Dr. Farhana Paruk at an exhibition hall of the Red Flag Canal project. (Photo provided to China News Network by the interviewee)

Dr. Farhana Paruk at an exhibition hall of the Red Flag Canal project. (Photo provided to China News Network by the interviewee)

She believes that the resilience and unity of the Chinese people will help them overcome whatever challenges come in their way during the construction of BRI projects.

Inclusive and sharing,

Real bond endures

Paruk stated that Chinese people’s sense of community resonates well with the philosophy of “ubuntu” in South Africa, both of which advocate the interdependency and peaceful coexistence of people in the same community. And what the BRI offers is a global development solution based on inclusivity and sharing in a similar vein, she suggested.

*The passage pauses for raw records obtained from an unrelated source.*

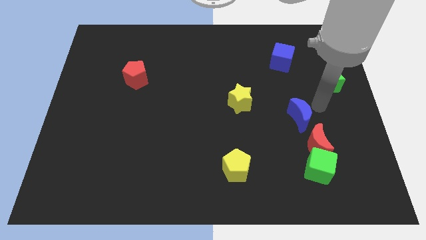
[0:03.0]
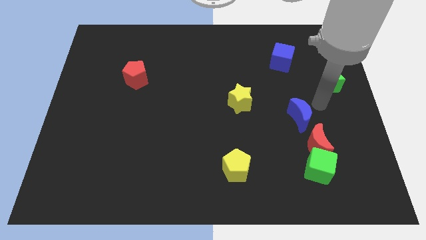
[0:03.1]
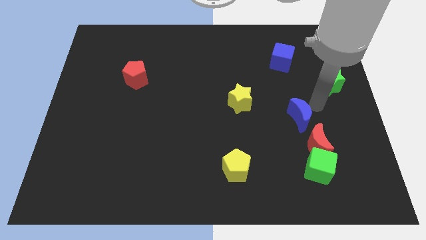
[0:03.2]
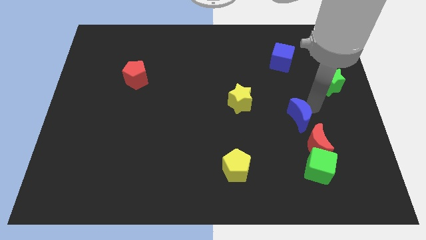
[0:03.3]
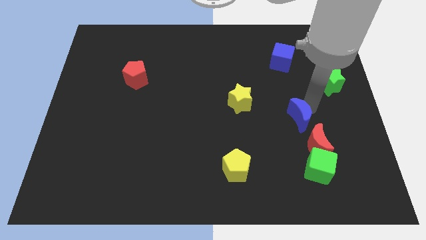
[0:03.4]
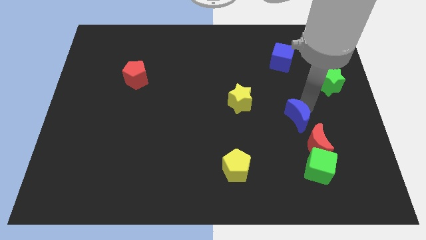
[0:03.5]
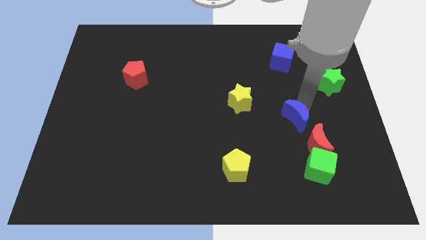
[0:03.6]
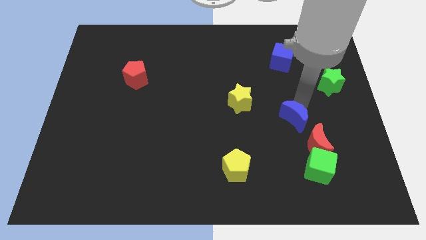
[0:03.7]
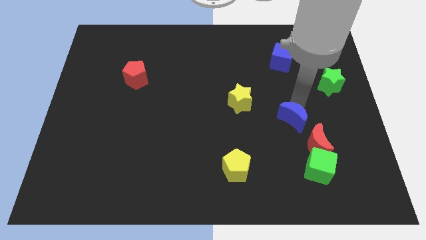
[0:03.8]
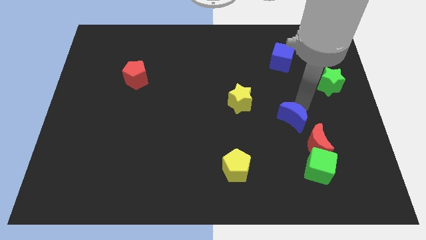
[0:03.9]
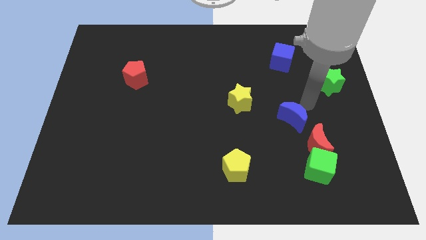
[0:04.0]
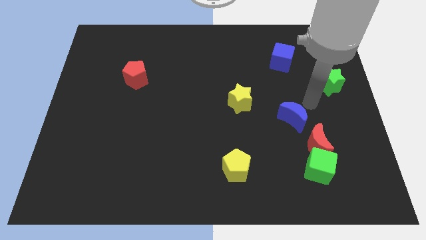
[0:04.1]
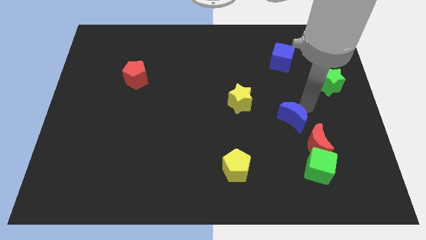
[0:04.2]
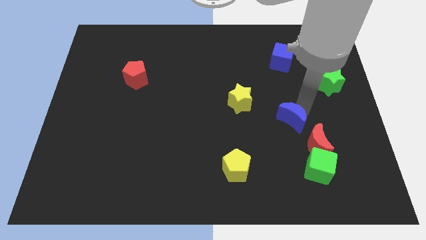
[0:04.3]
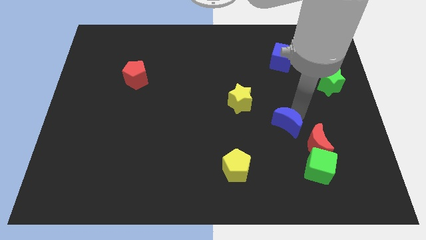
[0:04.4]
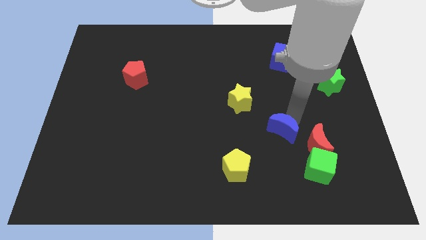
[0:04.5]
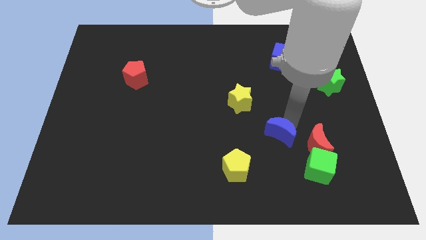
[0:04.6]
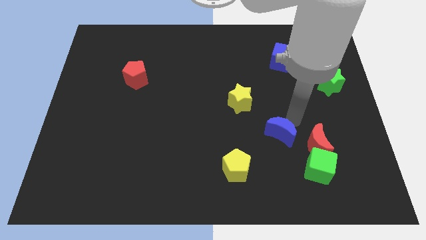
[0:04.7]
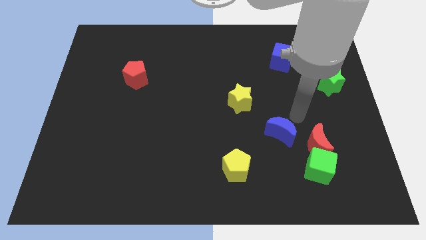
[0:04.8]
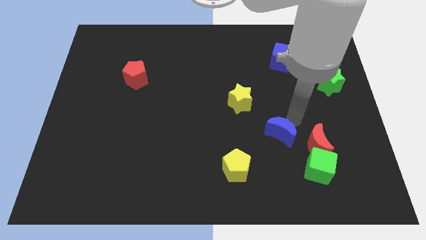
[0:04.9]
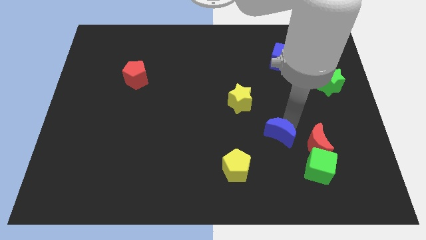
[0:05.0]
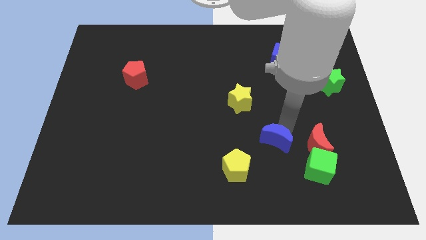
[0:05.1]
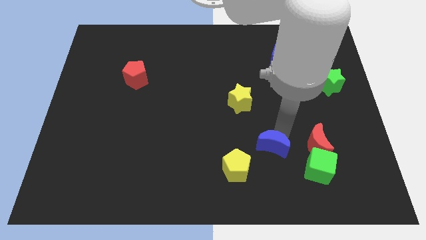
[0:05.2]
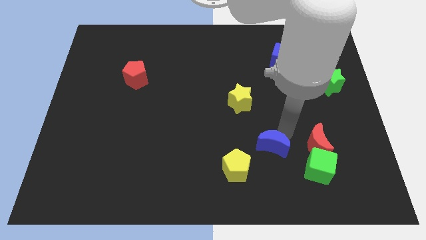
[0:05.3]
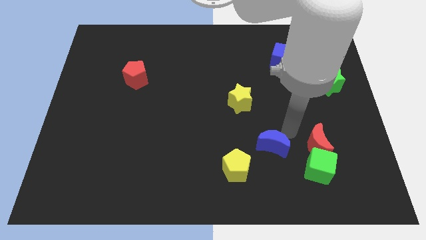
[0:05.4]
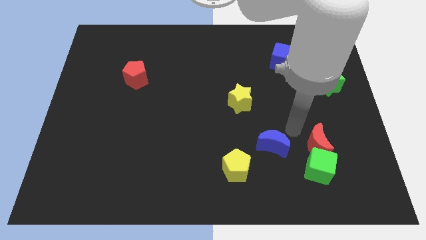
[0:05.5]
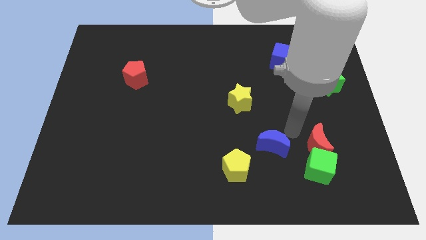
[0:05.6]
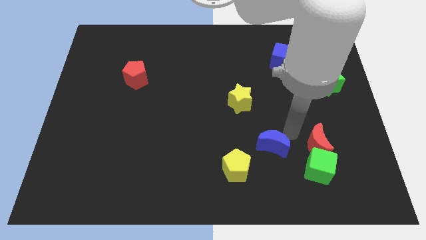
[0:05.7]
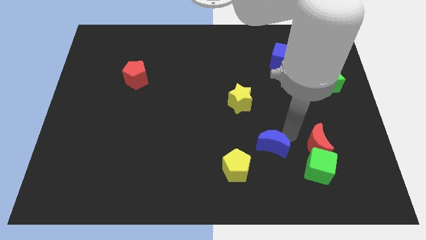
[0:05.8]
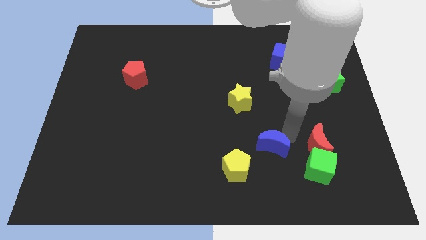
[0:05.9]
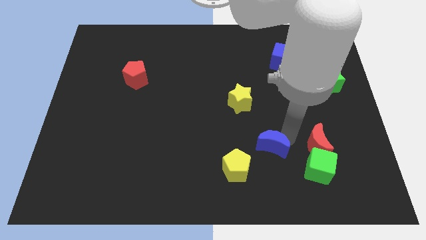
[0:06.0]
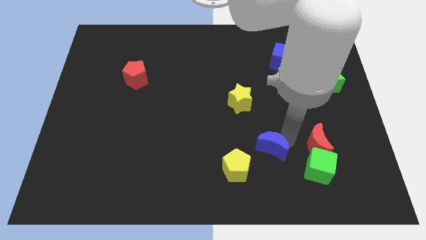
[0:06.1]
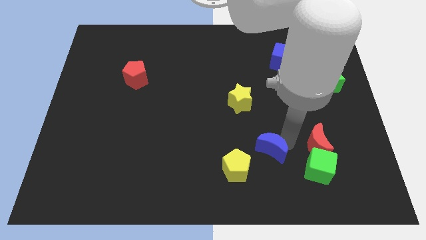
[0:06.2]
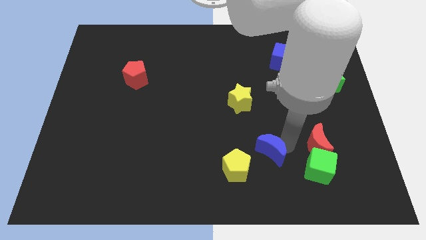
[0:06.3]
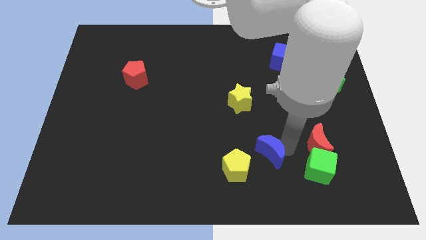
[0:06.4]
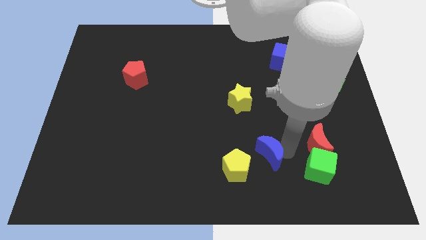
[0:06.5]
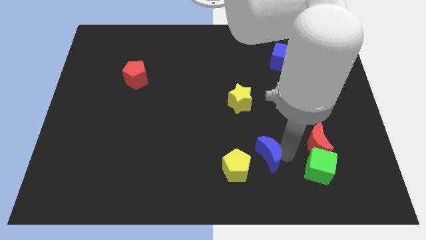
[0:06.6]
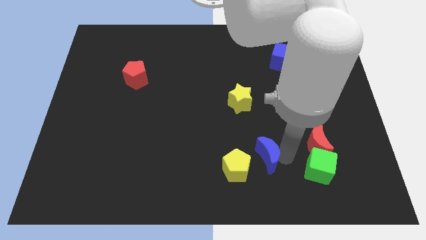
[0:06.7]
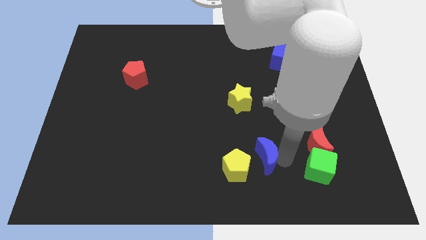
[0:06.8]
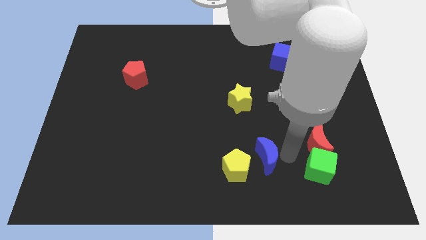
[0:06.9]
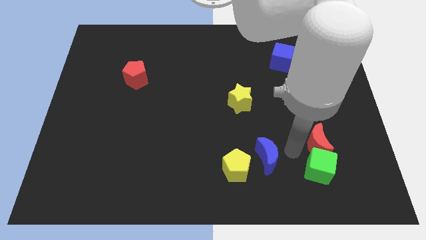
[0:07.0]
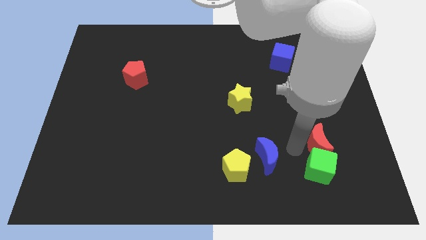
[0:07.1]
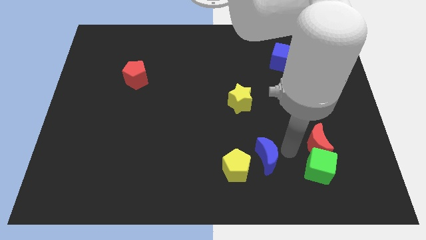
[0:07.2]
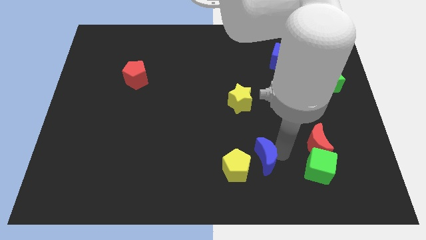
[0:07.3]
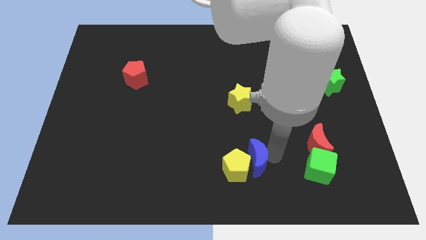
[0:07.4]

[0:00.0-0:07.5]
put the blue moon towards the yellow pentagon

She notes that in more than two decades of diplomatic ties between China and South Africa, the two countries have maintained a close, continuous friendship with each other, which she believes is truly special and invaluable. During South Africa’s energy strain, the technological assistance that China has offered to alleviate the crisis proves that the two countries have established a real, enduring bond.

She said she sincerely hopes for more cooperation between the two countries in the energy sector and a brighter future for the BRI with more fruitful results.